Using a combination of publicly-available records, the WSJ estimates Huawei received $46 billion in loans and lines of credit from state-controlled lenders, as well as $1.6 billion in grants. The company was also able to save as much as $25 billion in taxes between 2008 and 2018 thanks to incentives aimed at China's tech companies, and $2 billion on land purchases.
Chinese diplomats may have also helped the company. According to court documents obtained by the WSJ, the Chinese government helped Huawei close a deal in Pakistan by offering the country's government a $124.7 million loan through the Export-Import Bank of China. The state-controlled bank waived most of the three percent annual interest on the 20-year loan. The catch, however, was that Pakistan's government had to skip its usual competitive bidding process and award the contract to Huawei.
Huawei responded to the article in a series of tweets and a lengthy statement posted earlier today. "Once again, the WSJ has published untruths about Huawei based on false information. This time, wild accusations about Huawei's finances ignore our 30 years of dedicated investments in R&D that have driven innovation and the tech industry as a whole," the company said. Huawei also said that it reserved the right to take legal action against the WSJ for "a number of disingenuous and irresponsible articles."
Huawei emphasized its research and development spending as the reason for its ongoing success, noting that over the last 30 years it has spent between 10 to 15 percent of its annual revenue developing new technologies and products. It also denied receiving any special treatment from the Chinese government.

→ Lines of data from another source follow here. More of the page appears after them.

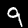
Digit: 9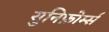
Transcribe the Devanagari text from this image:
युनिफ़ोर्म्स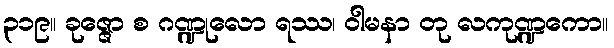
၃၁၉။ ခုဇ္ဇော စ ဂဏ္ဍုလော ရဿ၊ ဝါမနာ တု လကုဏ္ဍကော။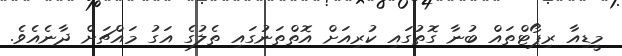
މީޑިއާ ރިޕޯޓްތައް ބުނާ ގޮތުގައި ކުރިއަށް އޮތްތަނުގައި ތެލުގެ އަގު މައްޗަށް ދާނެއެވެ.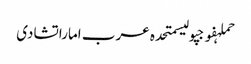
حملہفوجپولیسمتحدہ عرب اماراتشادی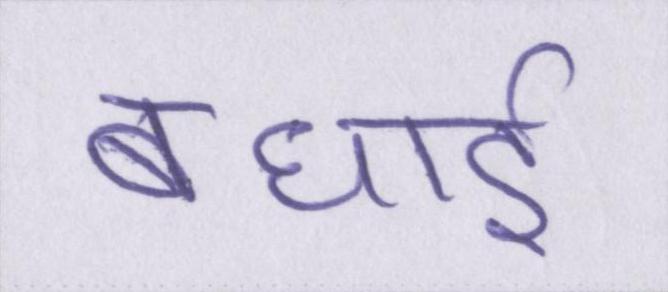
बधाई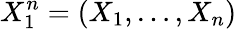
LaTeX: X_{1}^{n}=(X_{1},\dots,X_{n})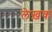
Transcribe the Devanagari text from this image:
लेख़क

As the Wall Street Journal itself notes, most governments help their country's biggest companies. Boeing, for example, has frequently benefited from financial support from the US government. Moreover, the amount of financial assistance Huawei received, if accurate, is probably just as much a reflection of the scale at which China does things as it is an example of any type of favoritism. In the past, Huawei has tried to refute suggestions that it has close ties with the Chinese government by alternately taking an aggressive stance against its critics, and offering to license its 5G patents to competitors.